The spike-headed leaf-tail is a very different creature and its name makes it easy to recognize. It is no member of the Photosynthesabiosa and thus not photosynthetic. It’s body is covered in algae-like creatures which the spike-headed leaf-tail provides a host to. In return the algae donate some of their energy, gained by photosynthesis, to the spike-headed leaf-tail. The spike-headed leaf-tail is a one meter long predator which kills in a very different way than predators on Earth. It kills its prey by goring its prey to its spike. When the prey is dead the spike-headed leaf-tail injects a powerful acid into its prey which slowly turns the prey into a liquid-like substance, digesting it from the inside out, just like spiders do with their prey. Through the spike on top of the head runs a little tube through which the acid is released and the prey is sucked into. As the tube is very narrow it takes some time for this predator to feed. The carcass of the prey will then sink to the bottom.

The head is one of the most important body parts of the spike-headed leaf-tail as in it glands are located in which produce the acid and which hosts the base of the controlling system, a sort of brain. Rather than in higher animals on Earth the brain is not just located in the head, but runs along the entire body. In this way the reaction speed of the animal is much higher. Still the head is not the most important part of the body.

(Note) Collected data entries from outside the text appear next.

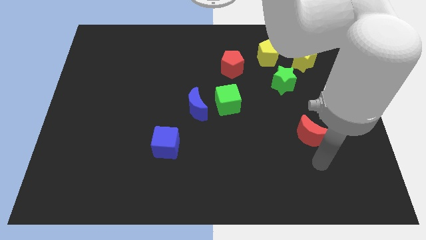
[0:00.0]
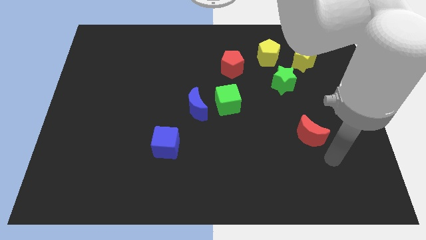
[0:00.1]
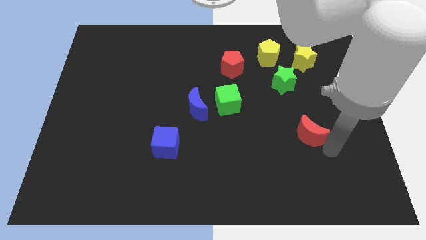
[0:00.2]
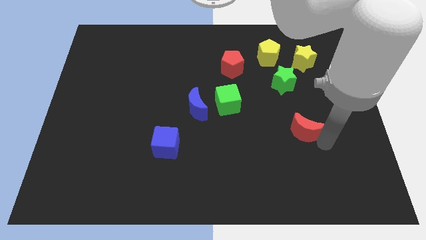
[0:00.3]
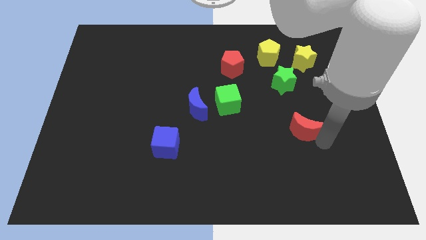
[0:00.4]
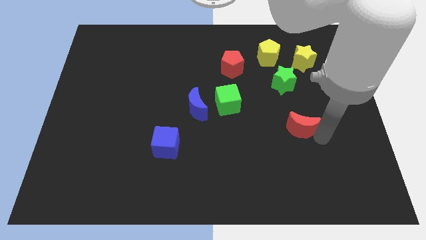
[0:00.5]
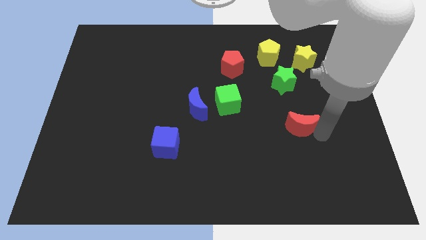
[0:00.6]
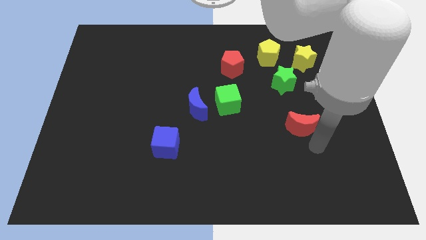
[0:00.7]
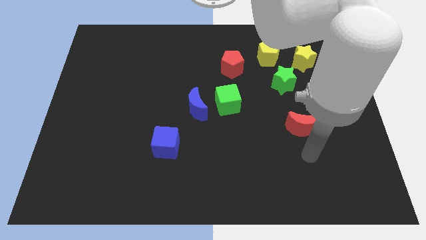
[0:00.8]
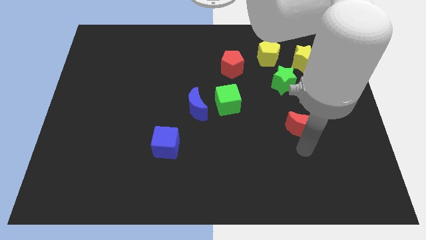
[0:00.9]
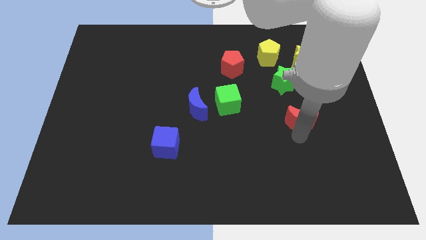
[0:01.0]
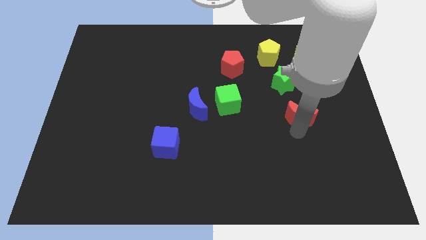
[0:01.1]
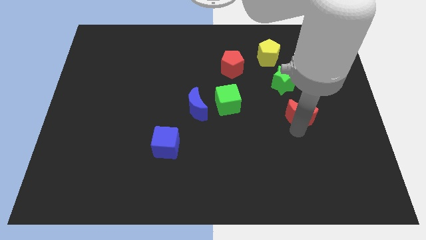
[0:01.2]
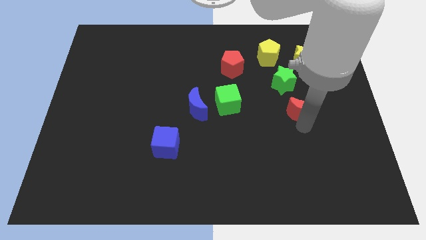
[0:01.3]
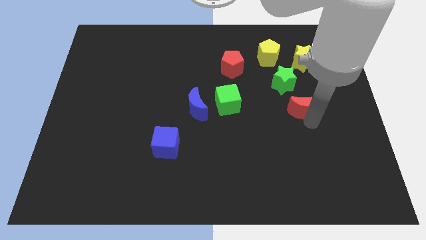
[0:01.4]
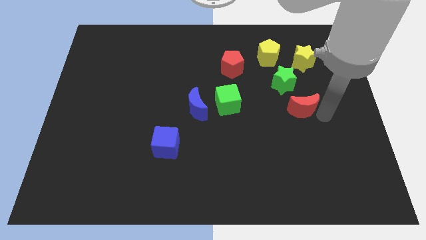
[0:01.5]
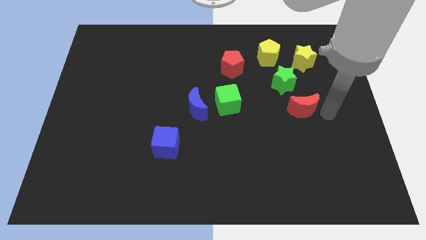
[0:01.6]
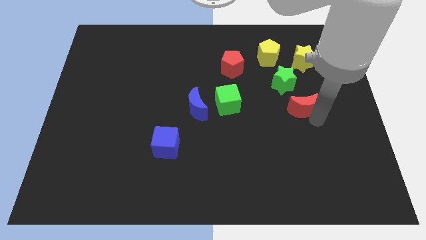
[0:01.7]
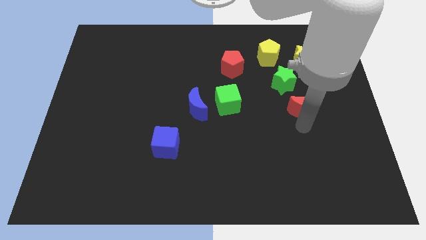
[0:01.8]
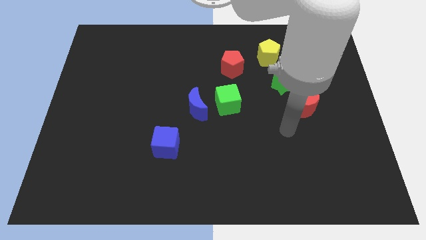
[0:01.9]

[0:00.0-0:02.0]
move the red crescent towards the green star

That title belongs to the little curled tentacles on the lower side of the creature’s body. In these tentacles the not only the mechanisms for reproduction are located, but also one of the two senses this animal possesses: detecting small electric currents. The other sense is touch. This way all other senses are no longer necessary as it works as an radar system at the same time. It can point out every movement in the nearby environment and detect the small electric currents other creatures make when they move. This way it can make a clear picture of its surrounding and thus doesn’t need the senses of hearing, smell and vision, although small vibrations made by clear noise can also be sensed. As the tentacles are the major source of sense they are in direct connection with the brain.

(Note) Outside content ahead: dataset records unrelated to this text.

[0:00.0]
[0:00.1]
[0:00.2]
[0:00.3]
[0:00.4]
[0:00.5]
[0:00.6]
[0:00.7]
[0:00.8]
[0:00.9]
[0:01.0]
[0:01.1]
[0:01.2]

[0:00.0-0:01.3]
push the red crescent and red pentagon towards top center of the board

Unlike photosynthesabiosans the spike-headed leaf-tail and relatives reproduce in a way similar to amphibians in the fact that many will gather and release male-cells and female-cells. Just like in photosynthesabiosans the two types have different little tentacles which grasp each other when a cell of the opposite sex is met and then melt together. Just like in creatures from Earth an XX and an XY structure determines of which sex the youngster will be. Apart from some minor differences the determination of the passing on of genes and natural selection is roughly the same as on Earth.

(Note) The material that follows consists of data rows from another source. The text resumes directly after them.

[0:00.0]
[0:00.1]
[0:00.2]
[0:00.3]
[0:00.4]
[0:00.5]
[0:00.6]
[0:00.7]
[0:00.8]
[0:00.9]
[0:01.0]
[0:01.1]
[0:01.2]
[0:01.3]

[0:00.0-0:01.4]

In the body of the spike-headed leaf-tail the nutrients gained from the prey are converted into energy. This energy and the energy gained from the algae are joined into a big stream of energy used to power the strong muscles of the tail which is able to swing incredibly fast, making the creature reach speeds up to 30 kilometers per hour. Apart from the leaf-like part at the end of the tail a sail runs along the lower part of the tail and the upper part of the tail and the back. Apart from increasing the speed and keeping the creature balanced the sail is also full of gill like organs which filter oxygen out of the water, just like the gills of fish do, without having to split the water first. The faster the creature swims, the more oxygen can be taken up, making the creature last long with its energy reserves, making it a perfect pursuit predator. The spike-headed leaf-tail is just one example of convergent evolution with creatures on Earth as it is very comparable to both spiders and predatory fish. It is also one example of the incredible variety of creatures Biomnis hosts and there are still many more of those waiting to be seen by human eyes.

P.S. This is part of the JWA-FAB project (JWArtworks Fictional Alien Biota project). This scene is fictional and not supported by true discoveries.